- Opening Delimiter -

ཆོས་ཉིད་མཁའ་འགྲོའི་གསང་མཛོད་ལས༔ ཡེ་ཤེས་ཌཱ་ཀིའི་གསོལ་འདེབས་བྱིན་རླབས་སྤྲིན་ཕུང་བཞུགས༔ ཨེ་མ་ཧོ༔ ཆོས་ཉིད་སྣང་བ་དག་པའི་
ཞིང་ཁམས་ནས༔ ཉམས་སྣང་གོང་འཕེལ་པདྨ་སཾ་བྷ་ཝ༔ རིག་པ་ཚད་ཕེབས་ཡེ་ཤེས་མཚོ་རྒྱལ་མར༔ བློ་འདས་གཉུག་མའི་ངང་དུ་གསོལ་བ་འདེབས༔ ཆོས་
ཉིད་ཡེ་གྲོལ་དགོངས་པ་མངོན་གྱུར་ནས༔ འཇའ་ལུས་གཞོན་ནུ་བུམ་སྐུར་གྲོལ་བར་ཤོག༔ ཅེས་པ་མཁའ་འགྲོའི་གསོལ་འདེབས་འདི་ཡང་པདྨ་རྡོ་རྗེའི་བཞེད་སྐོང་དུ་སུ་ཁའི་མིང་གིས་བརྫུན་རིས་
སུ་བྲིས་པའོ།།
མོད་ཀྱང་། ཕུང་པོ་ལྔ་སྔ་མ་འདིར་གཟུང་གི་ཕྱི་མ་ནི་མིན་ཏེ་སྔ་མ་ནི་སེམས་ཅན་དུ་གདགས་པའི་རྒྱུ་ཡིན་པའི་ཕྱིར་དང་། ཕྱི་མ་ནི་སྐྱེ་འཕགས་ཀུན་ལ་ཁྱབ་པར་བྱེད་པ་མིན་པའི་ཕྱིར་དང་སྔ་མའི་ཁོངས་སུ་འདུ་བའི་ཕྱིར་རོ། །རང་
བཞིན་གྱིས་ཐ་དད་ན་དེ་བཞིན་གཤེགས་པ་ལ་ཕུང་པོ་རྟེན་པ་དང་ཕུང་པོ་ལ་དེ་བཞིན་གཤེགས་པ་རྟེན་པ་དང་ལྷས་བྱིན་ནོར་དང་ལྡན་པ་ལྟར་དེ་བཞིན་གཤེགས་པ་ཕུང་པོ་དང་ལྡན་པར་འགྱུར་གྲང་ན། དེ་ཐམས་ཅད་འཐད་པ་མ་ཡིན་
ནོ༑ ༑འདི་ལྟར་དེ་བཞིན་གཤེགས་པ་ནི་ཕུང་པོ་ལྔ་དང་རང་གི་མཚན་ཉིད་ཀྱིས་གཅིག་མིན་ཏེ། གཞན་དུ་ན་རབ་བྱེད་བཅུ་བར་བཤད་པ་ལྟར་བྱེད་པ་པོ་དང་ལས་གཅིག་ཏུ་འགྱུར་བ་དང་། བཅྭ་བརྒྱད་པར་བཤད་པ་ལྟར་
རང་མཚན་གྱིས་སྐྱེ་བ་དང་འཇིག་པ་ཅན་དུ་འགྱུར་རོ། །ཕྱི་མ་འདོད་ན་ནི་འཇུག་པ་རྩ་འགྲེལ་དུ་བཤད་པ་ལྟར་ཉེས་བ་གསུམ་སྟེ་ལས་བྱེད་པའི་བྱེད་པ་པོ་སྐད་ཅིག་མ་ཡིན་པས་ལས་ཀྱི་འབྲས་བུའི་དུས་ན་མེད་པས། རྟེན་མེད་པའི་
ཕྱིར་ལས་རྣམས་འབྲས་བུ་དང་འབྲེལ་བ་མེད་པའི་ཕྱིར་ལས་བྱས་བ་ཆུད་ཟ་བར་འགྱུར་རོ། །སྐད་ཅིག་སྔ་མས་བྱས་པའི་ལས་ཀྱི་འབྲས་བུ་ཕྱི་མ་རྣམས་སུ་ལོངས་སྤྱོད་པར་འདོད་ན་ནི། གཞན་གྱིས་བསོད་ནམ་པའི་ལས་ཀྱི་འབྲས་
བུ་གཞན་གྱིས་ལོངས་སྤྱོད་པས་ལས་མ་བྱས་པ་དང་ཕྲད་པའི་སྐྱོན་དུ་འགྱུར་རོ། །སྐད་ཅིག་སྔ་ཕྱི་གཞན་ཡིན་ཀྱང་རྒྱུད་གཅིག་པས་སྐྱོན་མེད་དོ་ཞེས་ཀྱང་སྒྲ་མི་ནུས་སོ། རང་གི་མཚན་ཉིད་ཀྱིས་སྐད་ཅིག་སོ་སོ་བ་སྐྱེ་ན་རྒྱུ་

- Closing Delimiter -

#### Exercise
Each entry, exactly as written, should be set down once more.

#### Answer below
ཆོས་ཉིད་མཁའ་འགྲོའི་གསང་མཛོད་ལས༔ ཡེ་ཤེས་ཌཱ་ཀིའི་གསོལ་འདེབས་བྱིན་རླབས་སྤྲིན་ཕུང་བཞུགས༔ ཨེ་མ་ཧོ༔ ཆོས་ཉིད་སྣང་བ་དག་པའི་
ཞིང་ཁམས་ནས༔ ཉམས་སྣང་གོང་འཕེལ་པདྨ་སཾ་བྷ་ཝ༔ རིག་པ་ཚད་ཕེབས་ཡེ་ཤེས་མཚོ་རྒྱལ་མར༔ བློ་འདས་གཉུག་མའི་ངང་དུ་གསོལ་བ་འདེབས༔ ཆོས་
ཉིད་ཡེ་གྲོལ་དགོངས་པ་མངོན་གྱུར་ནས༔ འཇའ་ལུས་གཞོན་ནུ་བུམ་སྐུར་གྲོལ་བར་ཤོག༔ ཅེས་པ་མཁའ་འགྲོའི་གསོལ་འདེབས་འདི་ཡང་པདྨ་རྡོ་རྗེའི་བཞེད་སྐོང་དུ་སུ་ཁའི་མིང་གིས་བརྫུན་རིས་
སུ་བྲིས་པའོ།།
མོད་ཀྱང་། ཕུང་པོ་ལྔ་སྔ་མ་འདིར་གཟུང་གི་ཕྱི་མ་ནི་མིན་ཏེ་སྔ་མ་ནི་སེམས་ཅན་དུ་གདགས་པའི་རྒྱུ་ཡིན་པའི་ཕྱིར་དང་། ཕྱི་མ་ནི་སྐྱེ་འཕགས་ཀུན་ལ་ཁྱབ་པར་བྱེད་པ་མིན་པའི་ཕྱིར་དང་སྔ་མའི་ཁོངས་སུ་འདུ་བའི་ཕྱིར་རོ། །རང་
བཞིན་གྱིས་ཐ་དད་ན་དེ་བཞིན་གཤེགས་པ་ལ་ཕུང་པོ་རྟེན་པ་དང་ཕུང་པོ་ལ་དེ་བཞིན་གཤེགས་པ་རྟེན་པ་དང་ལྷས་བྱིན་ནོར་དང་ལྡན་པ་ལྟར་དེ་བཞིན་གཤེགས་པ་ཕུང་པོ་དང་ལྡན་པར་འགྱུར་གྲང་ན། དེ་ཐམས་ཅད་འཐད་པ་མ་ཡིན་
ནོ༑ ༑འདི་ལྟར་དེ་བཞིན་གཤེགས་པ་ནི་ཕུང་པོ་ལྔ་དང་རང་གི་མཚན་ཉིད་ཀྱིས་གཅིག་མིན་ཏེ། གཞན་དུ་ན་རབ་བྱེད་བཅུ་བར་བཤད་པ་ལྟར་བྱེད་པ་པོ་དང་ལས་གཅིག་ཏུ་འགྱུར་བ་དང་། བཅྭ་བརྒྱད་པར་བཤད་པ་ལྟར་
རང་མཚན་གྱིས་སྐྱེ་བ་དང་འཇིག་པ་ཅན་དུ་འགྱུར་རོ། །ཕྱི་མ་འདོད་ན་ནི་འཇུག་པ་རྩ་འགྲེལ་དུ་བཤད་པ་ལྟར་ཉེས་བ་གསུམ་སྟེ་ལས་བྱེད་པའི་བྱེད་པ་པོ་སྐད་ཅིག་མ་ཡིན་པས་ལས་ཀྱི་འབྲས་བུའི་དུས་ན་མེད་པས། རྟེན་མེད་པའི་
ཕྱིར་ལས་རྣམས་འབྲས་བུ་དང་འབྲེལ་བ་མེད་པའི་ཕྱིར་ལས་བྱས་བ་ཆུད་ཟ་བར་འགྱུར་རོ། །སྐད་ཅིག་སྔ་མས་བྱས་པའི་ལས་ཀྱི་འབྲས་བུ་ཕྱི་མ་རྣམས་སུ་ལོངས་སྤྱོད་པར་འདོད་ན་ནི། གཞན་གྱིས་བསོད་ནམ་པའི་ལས་ཀྱི་འབྲས་
བུ་གཞན་གྱིས་ལོངས་སྤྱོད་པས་ལས་མ་བྱས་པ་དང་ཕྲད་པའི་སྐྱོན་དུ་འགྱུར་རོ། །སྐད་ཅིག་སྔ་ཕྱི་གཞན་ཡིན་ཀྱང་རྒྱུད་གཅིག་པས་སྐྱོན་མེད་དོ་ཞེས་ཀྱང་སྒྲ་མི་ནུས་སོ། རང་གི་མཚན་ཉིད་ཀྱིས་སྐད་ཅིག་སོ་སོ་བ་སྐྱེ་ན་རྒྱུ་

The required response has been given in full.